=== WORK INSTRUCTION ===
Reproduce each entry exactly, so that everything except the pictures is carried over.

=== AVAILABLE RECORDS ===
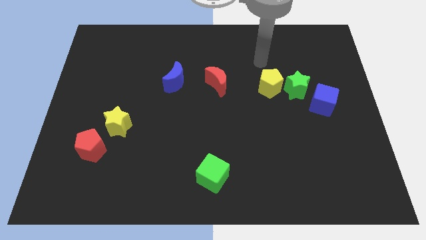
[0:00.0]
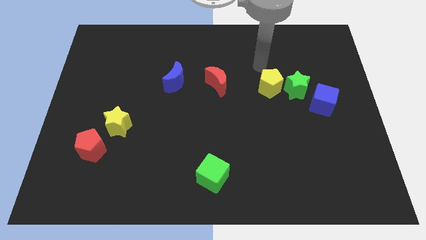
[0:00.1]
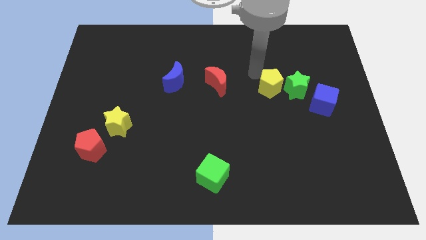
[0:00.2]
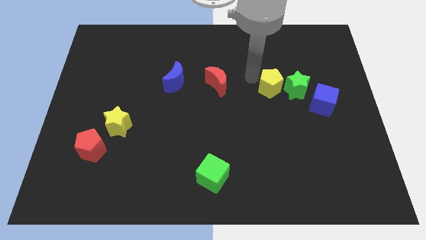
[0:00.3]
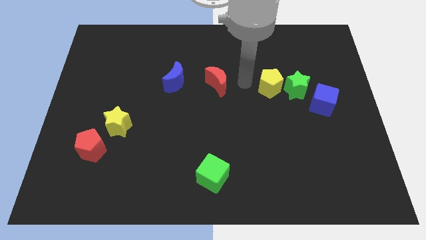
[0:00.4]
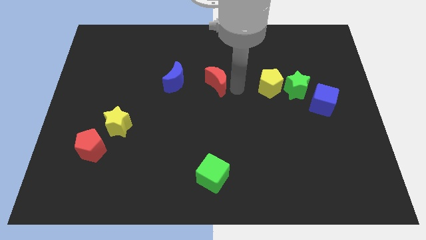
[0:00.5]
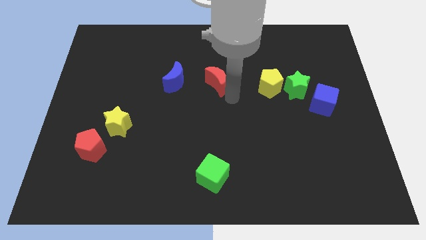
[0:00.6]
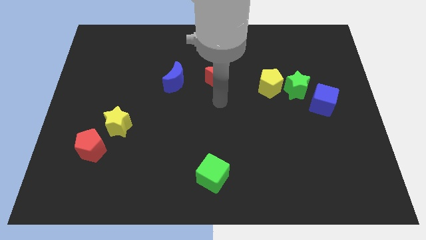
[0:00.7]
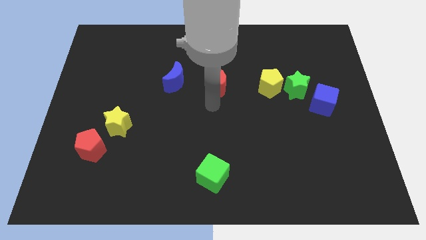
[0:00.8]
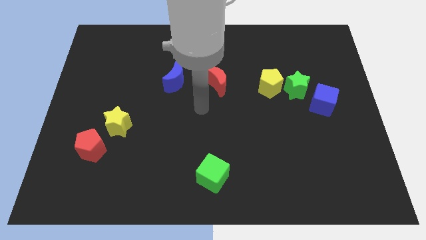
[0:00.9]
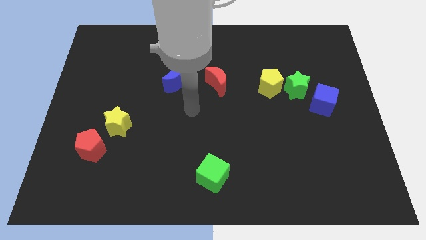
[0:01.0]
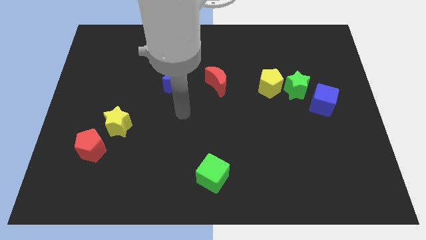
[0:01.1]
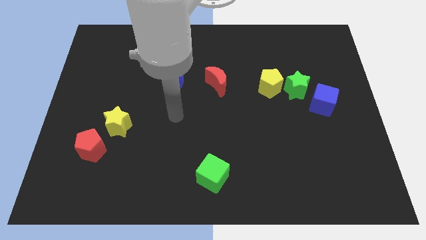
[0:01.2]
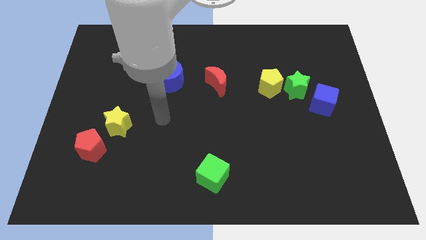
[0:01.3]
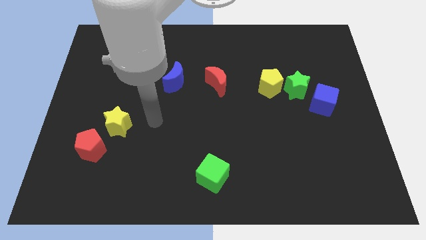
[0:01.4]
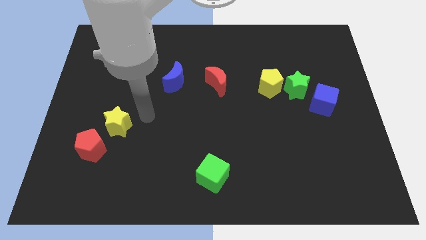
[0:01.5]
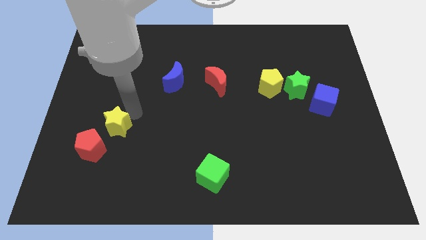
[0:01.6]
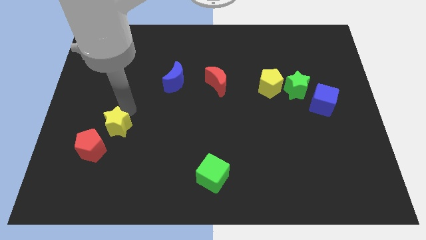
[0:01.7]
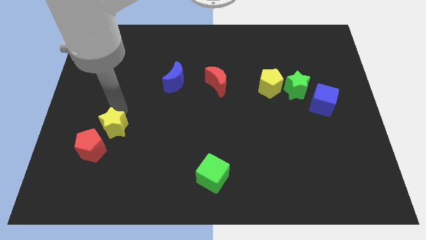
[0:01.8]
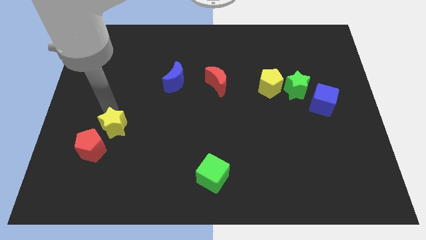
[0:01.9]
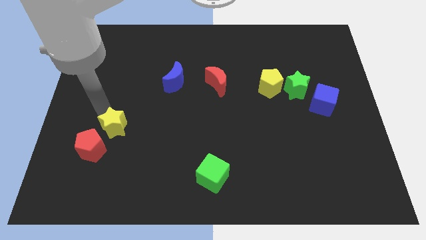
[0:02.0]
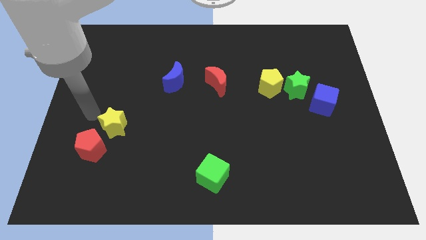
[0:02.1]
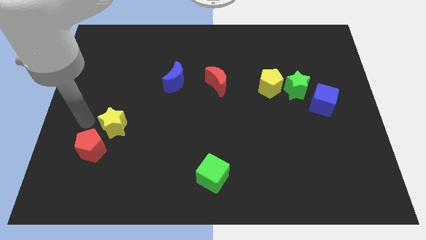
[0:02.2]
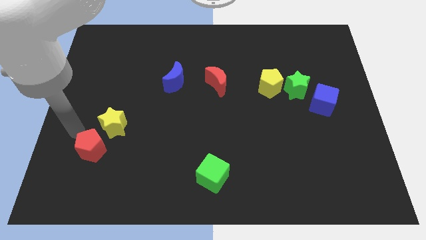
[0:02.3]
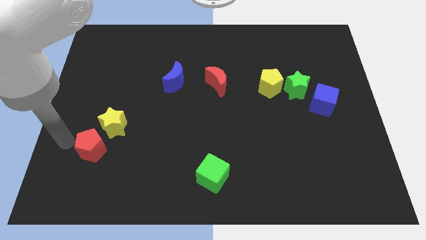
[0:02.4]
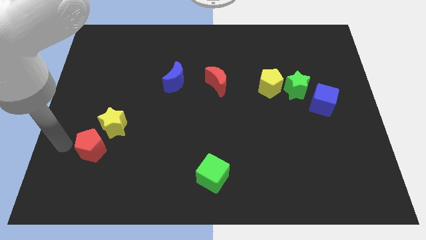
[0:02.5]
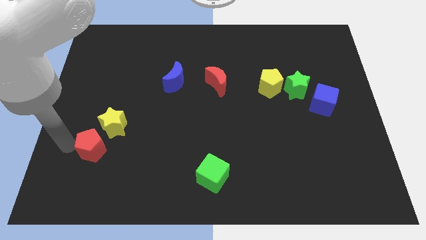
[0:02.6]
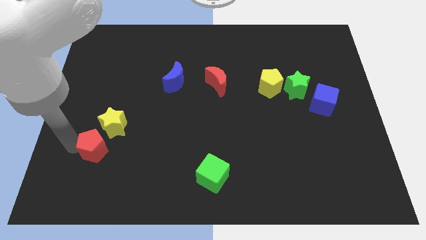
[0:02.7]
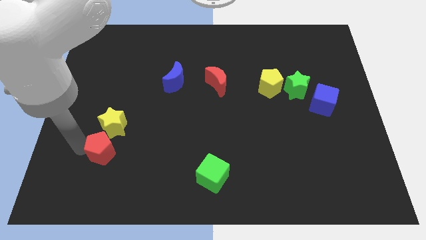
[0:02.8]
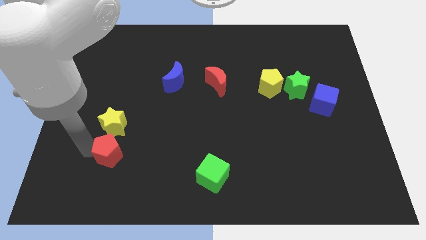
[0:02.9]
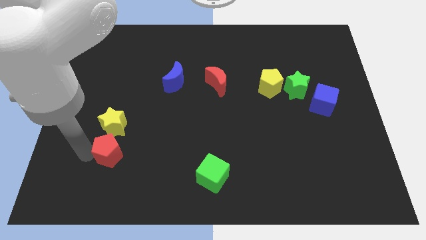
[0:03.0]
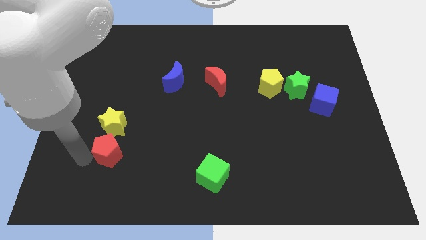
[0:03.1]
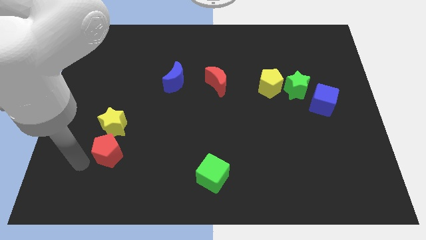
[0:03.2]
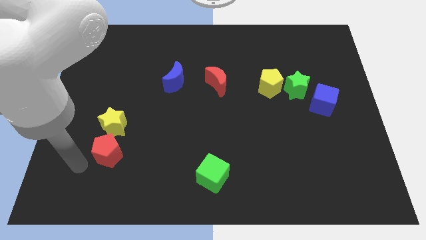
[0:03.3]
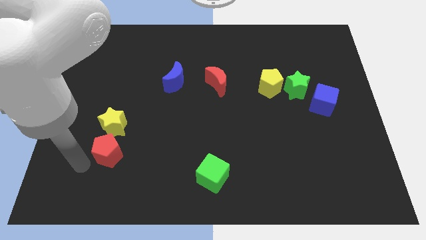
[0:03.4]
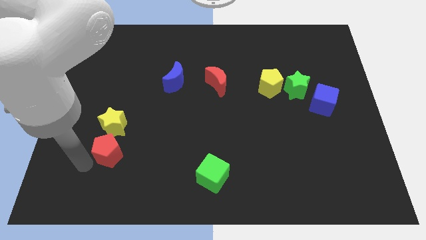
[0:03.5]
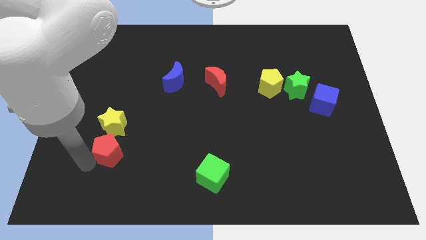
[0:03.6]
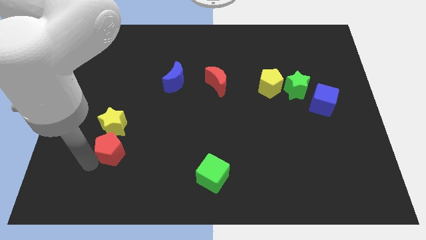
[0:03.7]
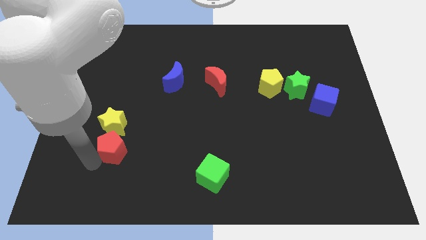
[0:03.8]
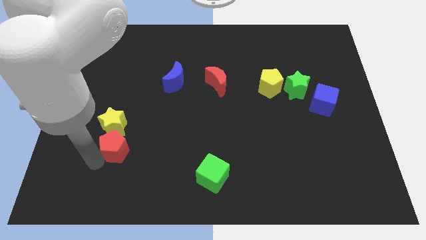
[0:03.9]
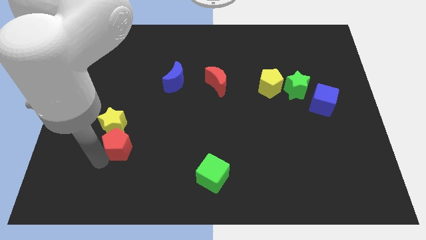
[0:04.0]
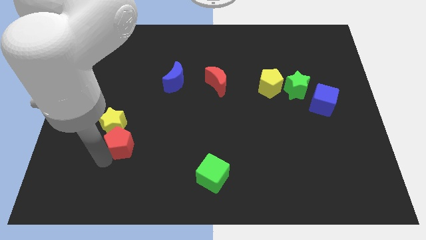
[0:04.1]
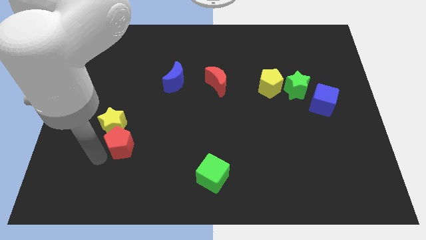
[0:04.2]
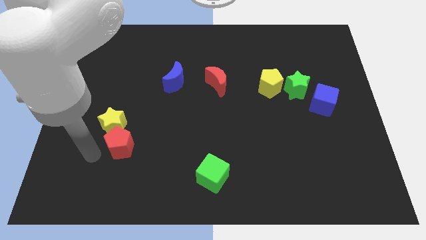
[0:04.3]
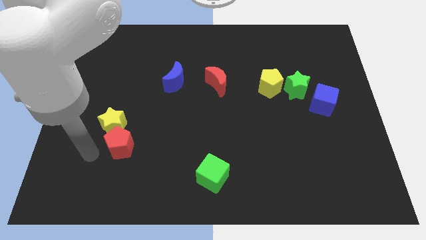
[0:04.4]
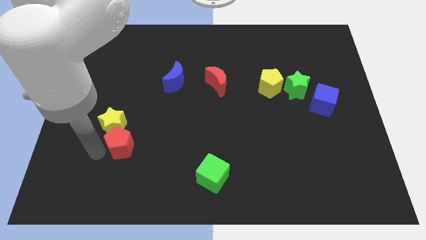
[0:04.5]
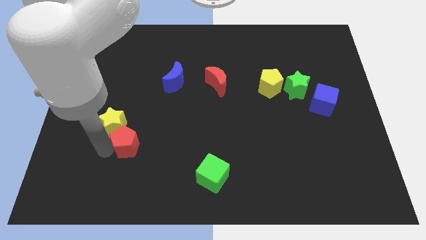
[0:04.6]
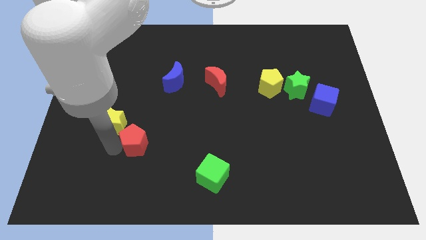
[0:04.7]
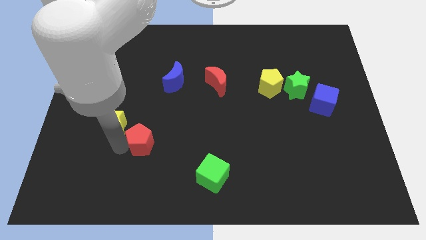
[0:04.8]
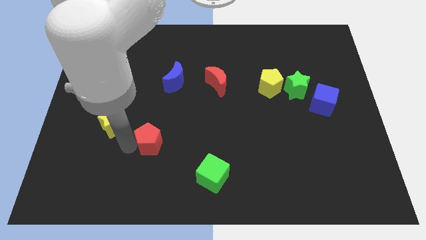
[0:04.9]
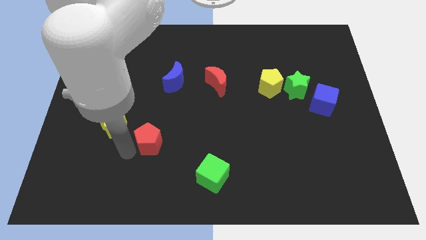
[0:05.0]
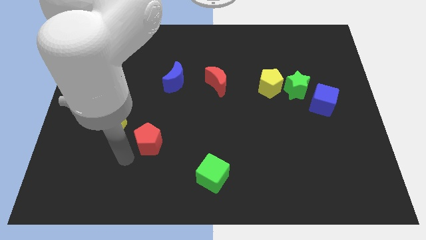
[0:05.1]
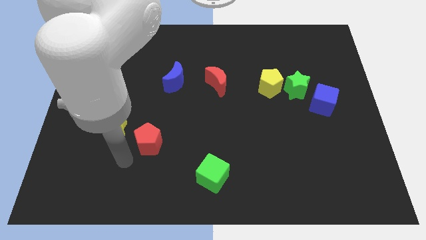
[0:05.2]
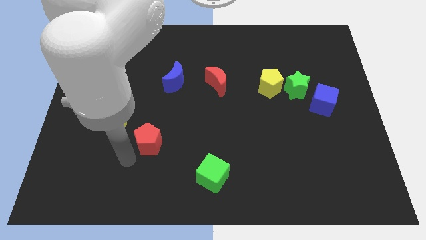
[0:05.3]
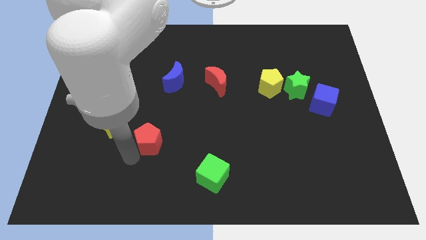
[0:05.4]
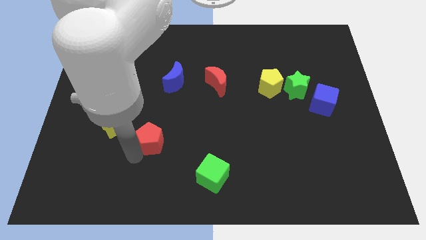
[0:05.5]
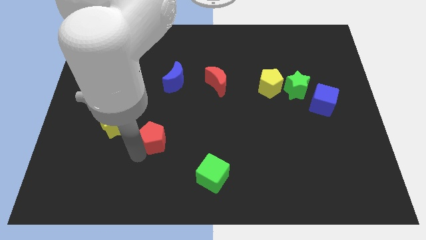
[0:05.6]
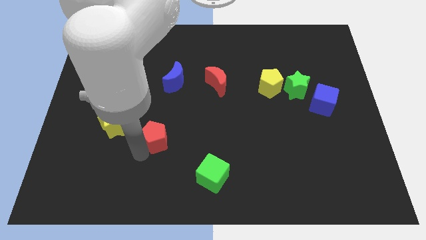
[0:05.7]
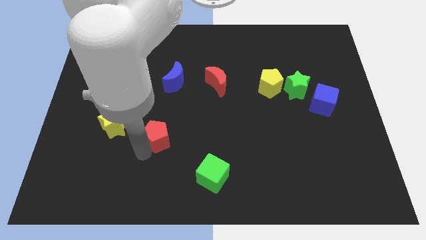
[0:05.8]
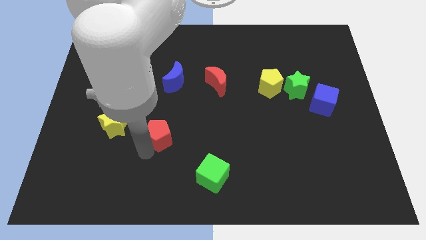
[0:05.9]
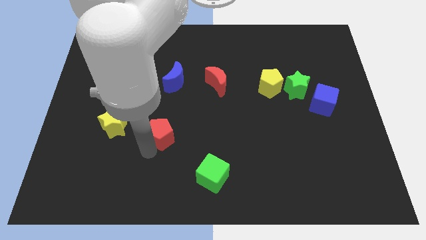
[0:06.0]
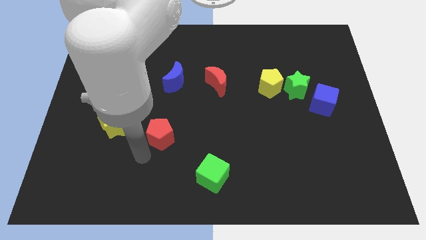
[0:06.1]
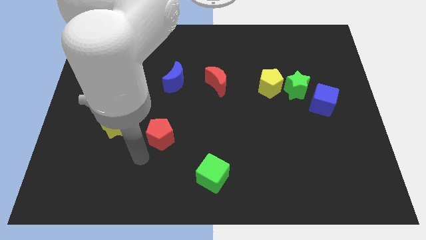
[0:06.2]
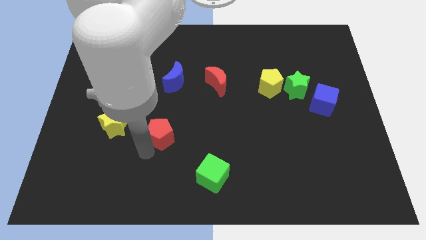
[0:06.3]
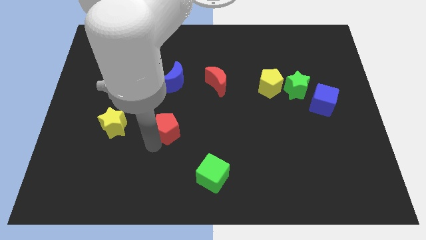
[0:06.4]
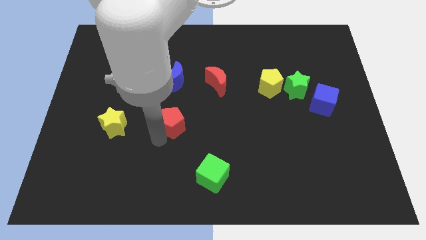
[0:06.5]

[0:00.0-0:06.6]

=== REPLY TO THE TASK ===
[0:00.0]
[0:00.1]
[0:00.2]
[0:00.3]
[0:00.4]
[0:00.5]
[0:00.6]
[0:00.7]
[0:00.8]
[0:00.9]
[0:01.0]
[0:01.1]
[0:01.2]
[0:01.3]
[0:01.4]
[0:01.5]
[0:01.6]
[0:01.7]
[0:01.8]
[0:01.9]
[0:02.0]
[0:02.1]
[0:02.2]
[0:02.3]
[0:02.4]
[0:02.5]
[0:02.6]
[0:02.7]
[0:02.8]
[0:02.9]
[0:03.0]
[0:03.1]
[0:03.2]
[0:03.3]
[0:03.4]
[0:03.5]
[0:03.6]
[0:03.7]
[0:03.8]
[0:03.9]
[0:04.0]
[0:04.1]
[0:04.2]
[0:04.3]
[0:04.4]
[0:04.5]
[0:04.6]
[0:04.7]
[0:04.8]
[0:04.9]
[0:05.0]
[0:05.1]
[0:05.2]
[0:05.3]
[0:05.4]
[0:05.5]
[0:05.6]
[0:05.7]
[0:05.8]
[0:05.9]
[0:06.0]
[0:06.1]
[0:06.2]
[0:06.3]
[0:06.4]
[0:06.5]

[0:00.0-0:06.6]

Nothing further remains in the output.